Have you ever thought about, what protects your heart?
Just a cage of rib bones, and other various parts.
This is so true. There is no preperation for being heartbroken. Nothing at all you can do emotionally to help you prepare for a heartbreak. Big or small. Nothing that can make your heart not hurt quite as bad, because when it happens, it hurts. No matter what. Sure, your ribs and other bodily organs protect your heart from being physically damaged, but emotional damage is unpreventable.
Heartbreak. When you hear this term, you generally think of loseing someone special. I would think of a break up, death, or other type of large let down. But in my book, these are just major heartbreaks. Many don't include the small things that make your heart hurt to be a heartbreak. I do. And my heart gets hurt pretty often. I wish I could learn to make something besides my ribs and other various parts protect my heart.

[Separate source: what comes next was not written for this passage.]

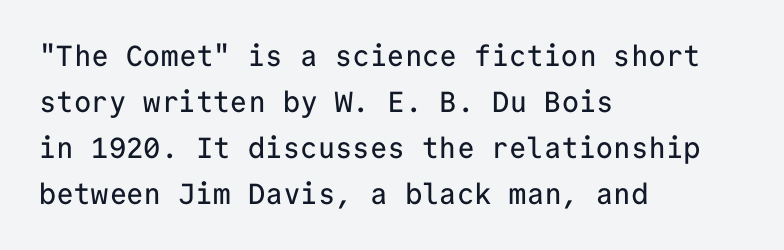
{"serif": "no", "italic": "no", "width": "normal", "stroke_contrast": "low", "x_height": "medium", "monospaced": "yes", "underline": "no", "align": "left", "line_spacing": "normal", "line_spacing_ratio": 1.59, "letter_spacing": "normal", "letter_spacing_em": 0.0, "glyph_px": 29}

As someone who is generally happy, I love making others happy. I have been hurt, over and over, and so when I can make someone else happy, when in pain, it makes me feel important. Generally that's what I long for. I long to be important to someone. I want someone to miss me when I'm gone, and value my opinion. I want someone to want to talk to me, and let me make them happy. I want to make someone happy, and be important to them. I don't really want to be the most important. Just important. I want someone to let me make them happy. Someone imparticular, Sean.
Considering I know noone reads this, I'm okay with letting it all out. The only person that would read this would be Amber, and it doesn't matter if she knows, so..Hi Amber:]
Anyhow. Sean goes through so much, and he means a lot to me. Even being so far away, he can make me happy. Without trying. Simply a conversation makes me happy. I suppose I'm just easy to please, because it isn't the same for him. I don't make him happy no matter how hard I try. I don't make him feel the same way, and it makes my heart so sad. It hurts when he tells me his roommates make him happy, when I'm the one that listens to his problems, and tells him it will be okay. I'm the one that tells him goodnight every night, and worries about him when he doesn't answer. I'm the one that cares so much about him, and yet, I still get nothing. Why? Why was I put in the position to care for someone so much, and not recieve the same in return. I just don't understand. I know that everyone is put in my life for a reason, but I haven't figured out the reason for Sean. Maybe he's there to make me happy. Maybe I shouldn't worry about making someone else happy for once. But that isn't fair, because he would make me muh happier if I were important to him. Ah. Whatever.
Heartbreak. Tonight, my heart was broken a little bit. When you told me they make you happy. When you didn't say "you make me happy, so you don't have to leave me alone." Instead, you said, "It's all I do, but I spend a lot of time with Sarah and Ami, and they make me happy, so, yeah." Note to you: I want to make you happy. Not sexually, not physically, not romantically, not anything more than just a friendly happiness. That's what I want. I want you to miss me when I'm not around, and notice when something is wrong. I want you to care. Basically, I want you to stop being careless.